Recorded information:
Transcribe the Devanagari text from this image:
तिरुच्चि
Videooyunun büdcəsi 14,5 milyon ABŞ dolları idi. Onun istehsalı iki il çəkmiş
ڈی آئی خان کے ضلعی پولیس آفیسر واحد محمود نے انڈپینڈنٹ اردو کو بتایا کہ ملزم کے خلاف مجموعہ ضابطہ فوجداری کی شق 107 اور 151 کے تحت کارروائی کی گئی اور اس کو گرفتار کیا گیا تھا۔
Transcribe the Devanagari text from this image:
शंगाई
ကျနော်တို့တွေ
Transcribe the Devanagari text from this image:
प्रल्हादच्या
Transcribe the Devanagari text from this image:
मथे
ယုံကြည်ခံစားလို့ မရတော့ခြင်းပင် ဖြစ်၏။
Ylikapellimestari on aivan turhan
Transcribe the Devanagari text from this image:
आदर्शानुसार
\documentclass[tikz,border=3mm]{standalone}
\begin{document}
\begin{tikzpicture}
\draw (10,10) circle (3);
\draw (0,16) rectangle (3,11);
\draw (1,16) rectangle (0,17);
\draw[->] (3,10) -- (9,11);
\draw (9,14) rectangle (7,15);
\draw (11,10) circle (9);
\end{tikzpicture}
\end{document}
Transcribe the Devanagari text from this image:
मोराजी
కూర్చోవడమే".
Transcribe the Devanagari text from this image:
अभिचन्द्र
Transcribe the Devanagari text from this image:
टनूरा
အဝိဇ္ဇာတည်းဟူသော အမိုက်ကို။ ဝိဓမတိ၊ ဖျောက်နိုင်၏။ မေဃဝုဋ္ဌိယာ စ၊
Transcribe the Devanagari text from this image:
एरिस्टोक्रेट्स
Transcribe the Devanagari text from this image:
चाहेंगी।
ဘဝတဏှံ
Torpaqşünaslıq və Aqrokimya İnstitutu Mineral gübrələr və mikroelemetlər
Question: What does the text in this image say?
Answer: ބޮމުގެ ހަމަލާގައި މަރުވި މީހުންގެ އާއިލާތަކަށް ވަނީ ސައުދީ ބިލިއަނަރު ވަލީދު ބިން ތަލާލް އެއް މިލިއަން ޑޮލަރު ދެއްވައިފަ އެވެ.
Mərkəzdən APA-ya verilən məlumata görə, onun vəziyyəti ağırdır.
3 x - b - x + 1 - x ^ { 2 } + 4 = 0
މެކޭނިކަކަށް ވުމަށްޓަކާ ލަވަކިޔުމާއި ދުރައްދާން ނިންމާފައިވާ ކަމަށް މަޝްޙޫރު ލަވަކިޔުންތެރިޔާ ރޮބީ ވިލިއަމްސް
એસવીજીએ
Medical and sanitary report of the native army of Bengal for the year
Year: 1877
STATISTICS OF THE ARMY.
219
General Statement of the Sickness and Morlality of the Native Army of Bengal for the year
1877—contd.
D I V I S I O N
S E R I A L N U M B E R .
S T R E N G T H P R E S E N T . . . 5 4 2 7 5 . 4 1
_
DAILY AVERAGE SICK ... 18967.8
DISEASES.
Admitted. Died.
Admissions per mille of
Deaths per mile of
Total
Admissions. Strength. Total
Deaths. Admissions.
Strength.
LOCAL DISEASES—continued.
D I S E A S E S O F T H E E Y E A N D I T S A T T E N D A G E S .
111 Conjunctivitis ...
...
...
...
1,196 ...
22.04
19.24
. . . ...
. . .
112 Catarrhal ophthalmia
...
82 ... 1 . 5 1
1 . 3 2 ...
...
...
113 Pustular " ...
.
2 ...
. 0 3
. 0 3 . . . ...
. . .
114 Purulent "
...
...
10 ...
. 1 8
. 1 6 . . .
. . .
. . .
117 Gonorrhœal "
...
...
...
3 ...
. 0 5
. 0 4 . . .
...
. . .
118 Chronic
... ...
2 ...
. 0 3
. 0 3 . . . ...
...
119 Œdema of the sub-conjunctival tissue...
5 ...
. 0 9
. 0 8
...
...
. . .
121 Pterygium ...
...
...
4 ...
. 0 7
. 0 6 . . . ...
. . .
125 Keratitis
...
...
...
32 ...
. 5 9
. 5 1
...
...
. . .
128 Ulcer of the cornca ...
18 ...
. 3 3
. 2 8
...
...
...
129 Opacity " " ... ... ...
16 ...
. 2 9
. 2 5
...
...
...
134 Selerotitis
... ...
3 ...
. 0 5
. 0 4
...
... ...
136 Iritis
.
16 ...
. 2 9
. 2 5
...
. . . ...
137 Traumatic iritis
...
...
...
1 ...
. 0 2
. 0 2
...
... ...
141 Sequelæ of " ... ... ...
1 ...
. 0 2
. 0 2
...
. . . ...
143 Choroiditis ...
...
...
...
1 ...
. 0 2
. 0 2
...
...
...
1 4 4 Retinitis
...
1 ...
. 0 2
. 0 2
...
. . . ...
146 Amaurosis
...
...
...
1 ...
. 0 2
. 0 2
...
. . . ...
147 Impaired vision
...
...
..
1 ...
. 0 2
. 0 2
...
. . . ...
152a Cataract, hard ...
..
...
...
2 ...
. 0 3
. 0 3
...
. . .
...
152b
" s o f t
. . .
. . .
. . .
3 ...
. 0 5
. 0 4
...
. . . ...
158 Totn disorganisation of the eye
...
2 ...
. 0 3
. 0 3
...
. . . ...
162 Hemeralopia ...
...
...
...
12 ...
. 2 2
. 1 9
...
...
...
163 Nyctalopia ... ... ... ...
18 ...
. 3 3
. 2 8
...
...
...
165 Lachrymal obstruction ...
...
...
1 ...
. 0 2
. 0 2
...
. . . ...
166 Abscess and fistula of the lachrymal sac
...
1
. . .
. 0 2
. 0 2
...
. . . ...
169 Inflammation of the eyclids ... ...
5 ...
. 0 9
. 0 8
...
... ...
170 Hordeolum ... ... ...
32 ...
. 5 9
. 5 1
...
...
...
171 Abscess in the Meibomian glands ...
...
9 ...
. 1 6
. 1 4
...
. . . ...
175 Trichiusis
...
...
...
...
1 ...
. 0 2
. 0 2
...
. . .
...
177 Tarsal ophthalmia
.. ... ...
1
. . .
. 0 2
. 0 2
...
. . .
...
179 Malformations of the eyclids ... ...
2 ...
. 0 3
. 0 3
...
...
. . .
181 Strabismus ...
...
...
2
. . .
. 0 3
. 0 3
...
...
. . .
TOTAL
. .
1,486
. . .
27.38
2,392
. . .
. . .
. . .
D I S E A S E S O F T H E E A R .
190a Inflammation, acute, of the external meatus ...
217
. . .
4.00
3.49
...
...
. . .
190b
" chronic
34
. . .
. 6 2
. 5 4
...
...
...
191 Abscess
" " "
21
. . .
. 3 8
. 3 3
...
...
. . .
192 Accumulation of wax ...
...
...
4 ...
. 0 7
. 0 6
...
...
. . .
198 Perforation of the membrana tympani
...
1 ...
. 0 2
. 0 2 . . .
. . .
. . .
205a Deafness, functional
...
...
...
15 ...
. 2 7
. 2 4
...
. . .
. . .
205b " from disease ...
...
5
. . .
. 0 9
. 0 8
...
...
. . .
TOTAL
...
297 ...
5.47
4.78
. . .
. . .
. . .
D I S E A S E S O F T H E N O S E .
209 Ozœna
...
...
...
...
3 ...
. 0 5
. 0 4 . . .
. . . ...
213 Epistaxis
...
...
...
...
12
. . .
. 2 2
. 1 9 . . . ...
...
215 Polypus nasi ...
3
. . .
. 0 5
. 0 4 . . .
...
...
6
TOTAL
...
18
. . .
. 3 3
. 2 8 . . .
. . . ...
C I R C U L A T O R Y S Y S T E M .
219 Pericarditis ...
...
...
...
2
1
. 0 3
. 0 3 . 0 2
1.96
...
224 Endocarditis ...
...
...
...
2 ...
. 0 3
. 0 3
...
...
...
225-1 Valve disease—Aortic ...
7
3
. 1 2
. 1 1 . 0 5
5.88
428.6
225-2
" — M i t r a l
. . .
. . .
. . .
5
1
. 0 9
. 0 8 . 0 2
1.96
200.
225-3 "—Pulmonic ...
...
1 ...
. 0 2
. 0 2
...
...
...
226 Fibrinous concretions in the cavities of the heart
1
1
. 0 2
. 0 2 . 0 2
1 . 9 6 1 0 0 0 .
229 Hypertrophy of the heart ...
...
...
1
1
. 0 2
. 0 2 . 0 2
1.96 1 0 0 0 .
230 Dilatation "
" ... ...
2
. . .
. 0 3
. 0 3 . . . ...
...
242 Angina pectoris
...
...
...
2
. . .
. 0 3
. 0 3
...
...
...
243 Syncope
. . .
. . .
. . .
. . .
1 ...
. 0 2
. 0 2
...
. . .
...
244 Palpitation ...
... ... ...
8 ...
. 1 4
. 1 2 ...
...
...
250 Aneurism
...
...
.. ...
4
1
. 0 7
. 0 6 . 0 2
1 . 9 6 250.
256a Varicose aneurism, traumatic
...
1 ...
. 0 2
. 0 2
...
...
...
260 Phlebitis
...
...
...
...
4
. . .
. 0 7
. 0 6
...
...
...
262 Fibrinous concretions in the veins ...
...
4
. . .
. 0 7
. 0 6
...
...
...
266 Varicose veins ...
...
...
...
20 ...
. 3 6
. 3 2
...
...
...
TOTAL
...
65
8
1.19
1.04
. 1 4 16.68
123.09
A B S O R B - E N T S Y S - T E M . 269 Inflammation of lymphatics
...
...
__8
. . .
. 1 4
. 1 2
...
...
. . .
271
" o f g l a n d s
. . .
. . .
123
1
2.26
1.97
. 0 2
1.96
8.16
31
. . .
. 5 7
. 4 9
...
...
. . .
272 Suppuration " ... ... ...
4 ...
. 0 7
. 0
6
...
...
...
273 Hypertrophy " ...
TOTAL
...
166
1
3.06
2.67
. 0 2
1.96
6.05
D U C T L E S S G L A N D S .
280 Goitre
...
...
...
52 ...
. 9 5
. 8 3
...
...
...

Work instruction:
Scan the material line by line and report each one that contains "Admissions".

Answer box:
Admissions per mille of
Admissions. Strength. Total
Deaths. Admissions.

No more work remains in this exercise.